#### PROVIDED INFORMATION
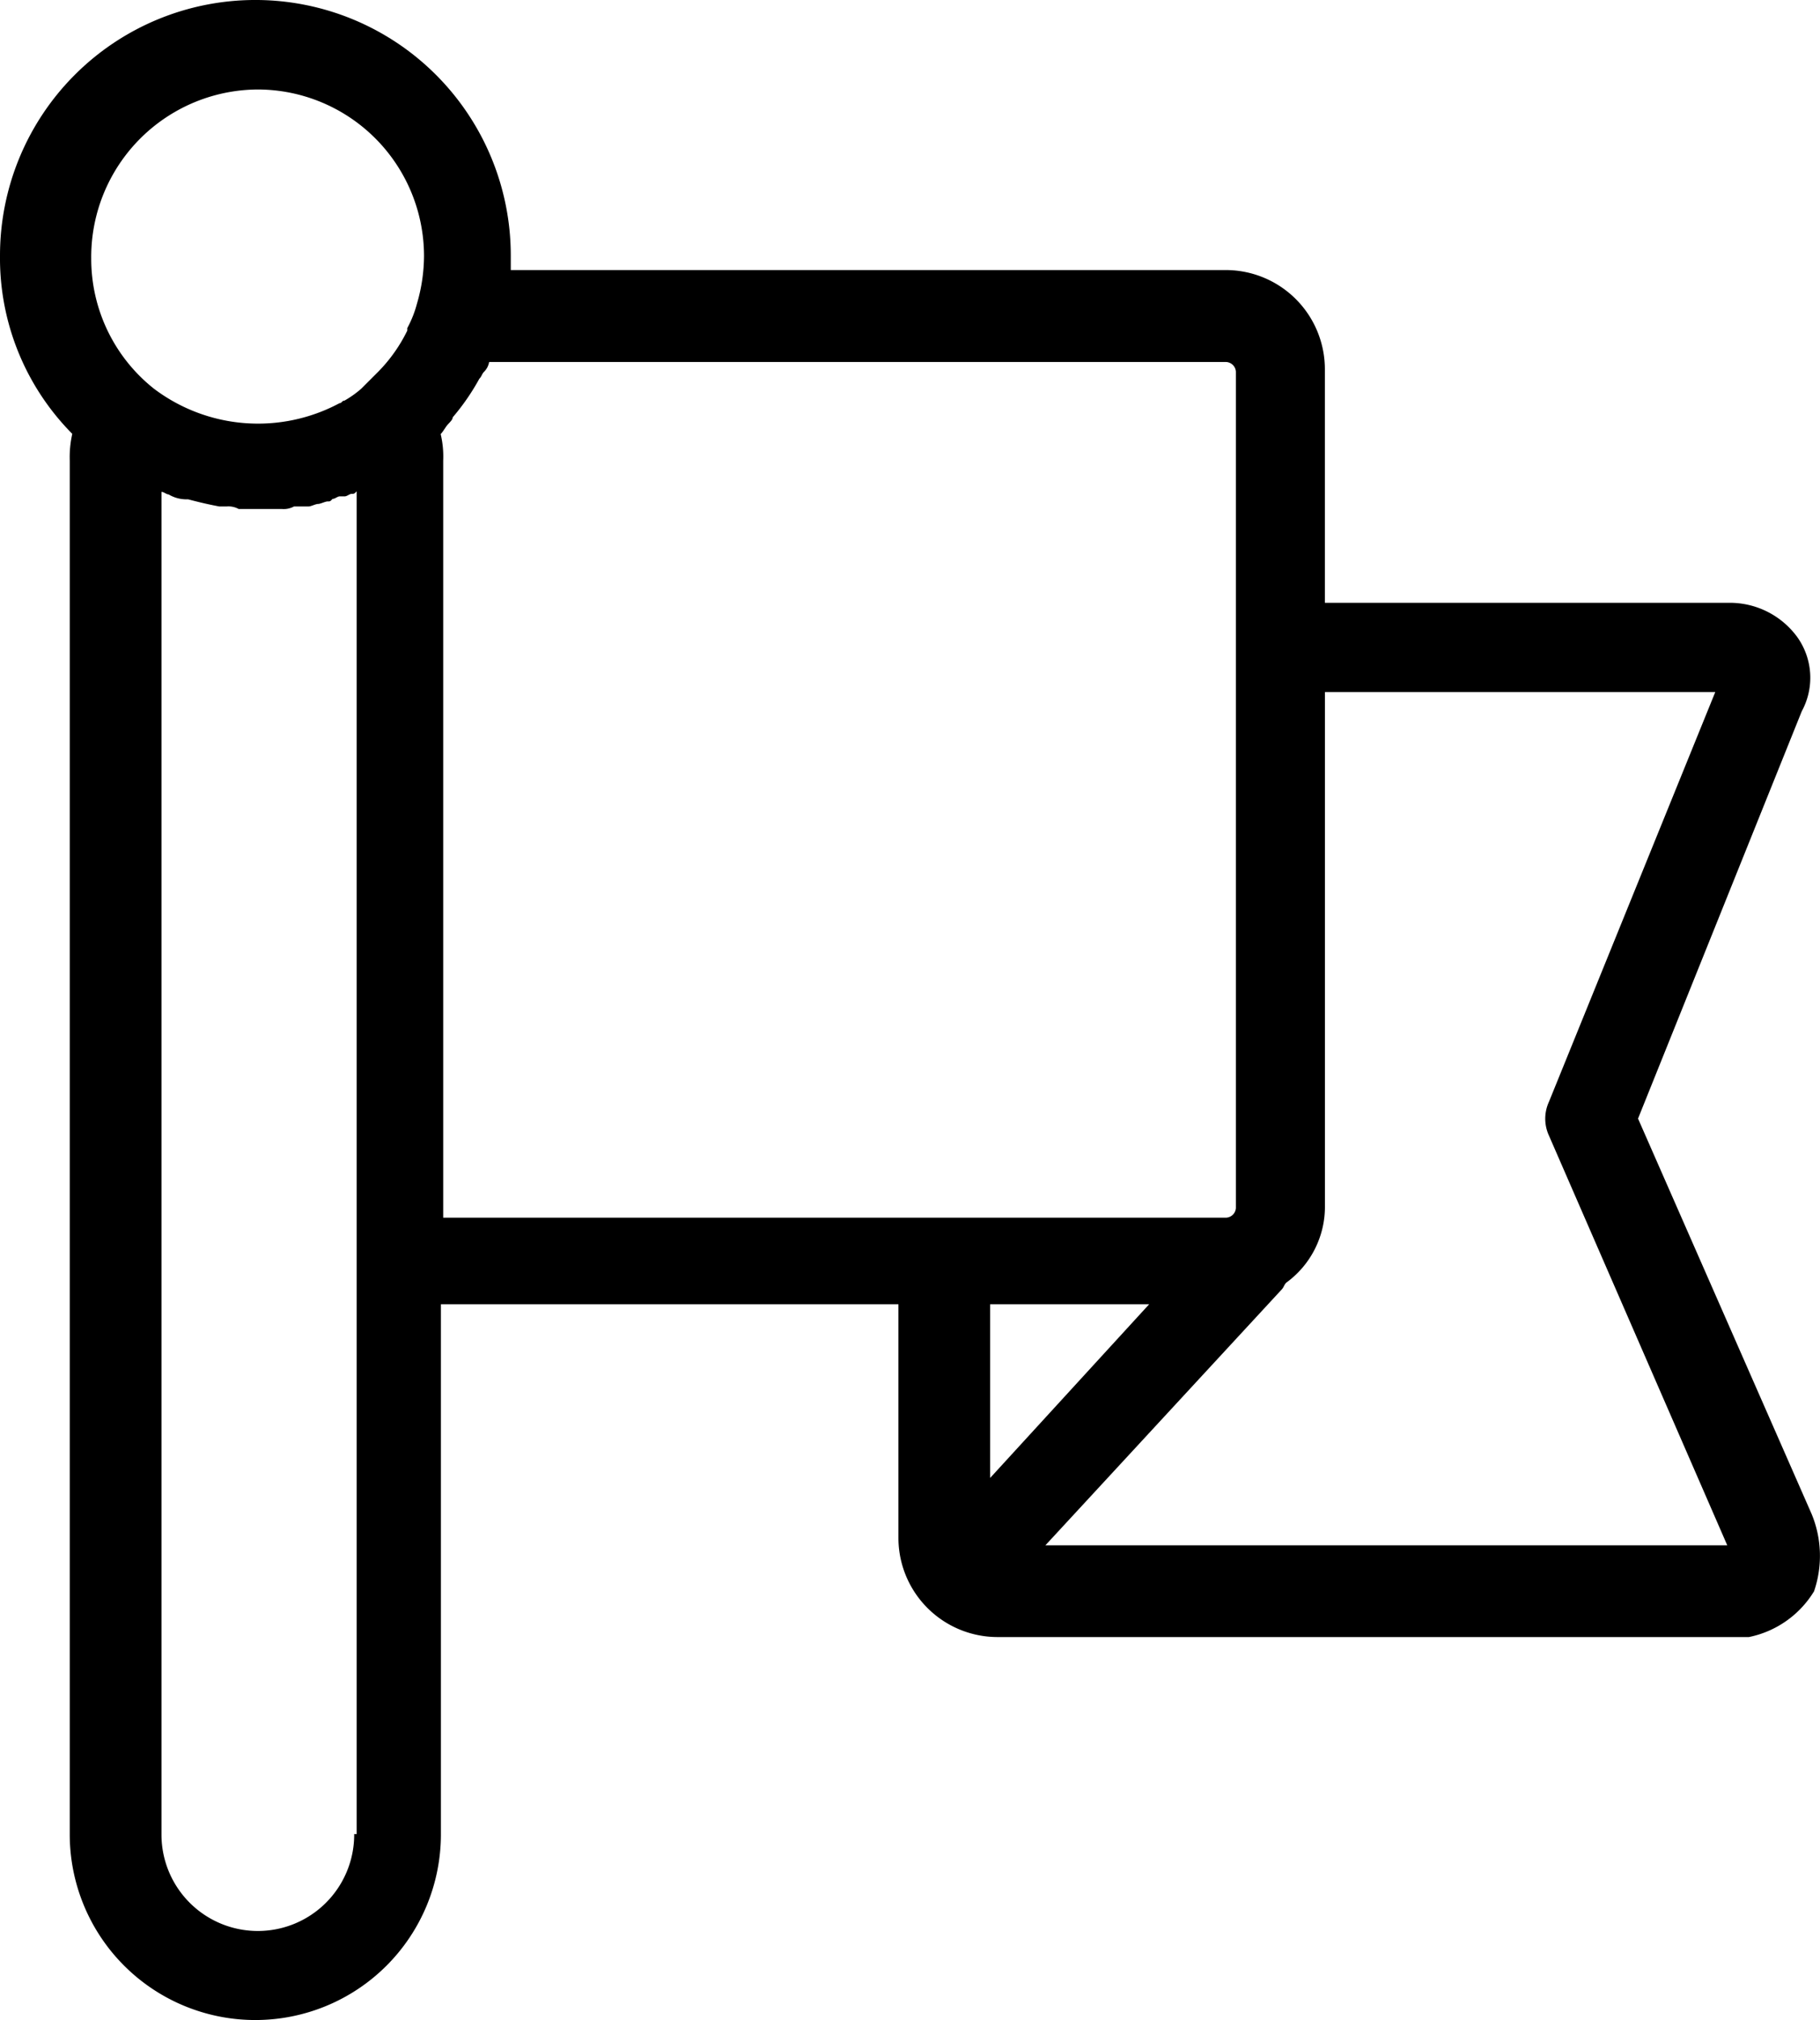<svg xmlns="http://www.w3.org/2000/svg" width="72.123" height="80" viewBox="0 0 72.123 80">
  <g id="patriotism" transform="translate(-33.419)">
    <path id="Path_139" data-name="Path 139" d="M105.208,59.954,98.331,44.3l6.488-16.131a2.773,2.773,0,0,0-.194-2.961,3.31,3.31,0,0,0-2.669-1.335H85.921V14.611a3.929,3.929,0,0,0-3.916-3.916H53.66V10.12a10.12,10.12,0,0,0-20.241,0,9.878,9.878,0,0,0,2.864,7.062,4.191,4.191,0,0,0-.1,1.052V72.646a7.354,7.354,0,1,0,14.708,0V51.654H69.022v9.263a3.929,3.929,0,0,0,3.916,3.916h29.787a3.941,3.941,0,0,0,2.581-1.812A4.335,4.335,0,0,0,105.208,59.954ZM43.637,3.544a6.6,6.6,0,0,1,6.585,6.585,6.8,6.8,0,0,1-.283,1.909,4.3,4.3,0,0,1-.38.955v.1a6.189,6.189,0,0,1-1.149,1.626h0l-.672.672a4.009,4.009,0,0,1-.672.477c-.1,0-.1.1-.194.1a6.843,6.843,0,0,1-7.354-.575,6.561,6.561,0,0,1-2.484-5.153A6.634,6.634,0,0,1,43.637,3.544Zm3.818,69.111a3.818,3.818,0,1,1-7.637,0V19.481c.1,0,.194.1.283.1a1.37,1.37,0,0,0,.672.194h.1c.38.1.76.194,1.237.283H42.4a.847.847,0,0,1,.477.1h1.715a.847.847,0,0,0,.477-.1h.575c.1,0,.283-.1.38-.1s.283-.1.38-.1.1,0,.194-.1h0c.1,0,.194-.1.283-.1h.194c.1,0,.194-.1.283-.1s.1,0,.194-.1V72.637h-.1v.018Zm3.527-54.412a3.86,3.86,0,0,0-.1-1.052c.1-.1.194-.283.283-.38s.194-.194.194-.283A9,9,0,0,0,52.414,15c.1-.1.1-.194.194-.283a.714.714,0,0,0,.194-.38H82.015a.409.409,0,0,1,.38.38V47.844a.409.409,0,0,1-.38.38H50.982ZM78.957,51.654l-6.3,6.877V51.654ZM74.846,61.2,84.2,51.079c.1-.1.1-.194.194-.283a3.716,3.716,0,0,0,1.529-3.058V27.409h15.468L94.8,43.637a1.6,1.6,0,0,0,0,1.335L101.867,61.2Z"/>
  </g>
</svg>
########
> [WORK ITEM]
Repeat each record exactly as shown above, dropping all images.

> [ANSWER SPACE]
<svg xmlns="http://www.w3.org/2000/svg" width="72.123" height="80" viewBox="0 0 72.123 80">
  <g id="patriotism" transform="translate(-33.419)">
    <path id="Path_139" data-name="Path 139" d="M105.208,59.954,98.331,44.3l6.488-16.131a2.773,2.773,0,0,0-.194-2.961,3.31,3.31,0,0,0-2.669-1.335H85.921V14.611a3.929,3.929,0,0,0-3.916-3.916H53.66V10.12a10.12,10.12,0,0,0-20.241,0,9.878,9.878,0,0,0,2.864,7.062,4.191,4.191,0,0,0-.1,1.052V72.646a7.354,7.354,0,1,0,14.708,0V51.654H69.022v9.263a3.929,3.929,0,0,0,3.916,3.916h29.787a3.941,3.941,0,0,0,2.581-1.812A4.335,4.335,0,0,0,105.208,59.954ZM43.637,3.544a6.6,6.6,0,0,1,6.585,6.585,6.8,6.8,0,0,1-.283,1.909,4.3,4.3,0,0,1-.38.955v.1a6.189,6.189,0,0,1-1.149,1.626h0l-.672.672a4.009,4.009,0,0,1-.672.477c-.1,0-.1.1-.194.1a6.843,6.843,0,0,1-7.354-.575,6.561,6.561,0,0,1-2.484-5.153A6.634,6.634,0,0,1,43.637,3.544Zm3.818,69.111a3.818,3.818,0,1,1-7.637,0V19.481c.1,0,.194.1.283.1a1.37,1.37,0,0,0,.672.194h.1c.38.1.76.194,1.237.283H42.4a.847.847,0,0,1,.477.1h1.715a.847.847,0,0,0,.477-.1h.575c.1,0,.283-.1.38-.1s.283-.1.38-.1.1,0,.194-.1h0c.1,0,.194-.1.283-.1h.194c.1,0,.194-.1.283-.1s.1,0,.194-.1V72.637h-.1v.018Zm3.527-54.412a3.86,3.86,0,0,0-.1-1.052c.1-.1.194-.283.283-.38s.194-.194.194-.283A9,9,0,0,0,52.414,15c.1-.1.1-.194.194-.283a.714.714,0,0,0,.194-.38H82.015a.409.409,0,0,1,.38.38V47.844a.409.409,0,0,1-.38.38H50.982ZM78.957,51.654l-6.3,6.877V51.654ZM74.846,61.2,84.2,51.079c.1-.1.1-.194.194-.283a3.716,3.716,0,0,0,1.529-3.058V27.409h15.468L94.8,43.637a1.6,1.6,0,0,0,0,1.335L101.867,61.2Z"/>
  </g>
</svg>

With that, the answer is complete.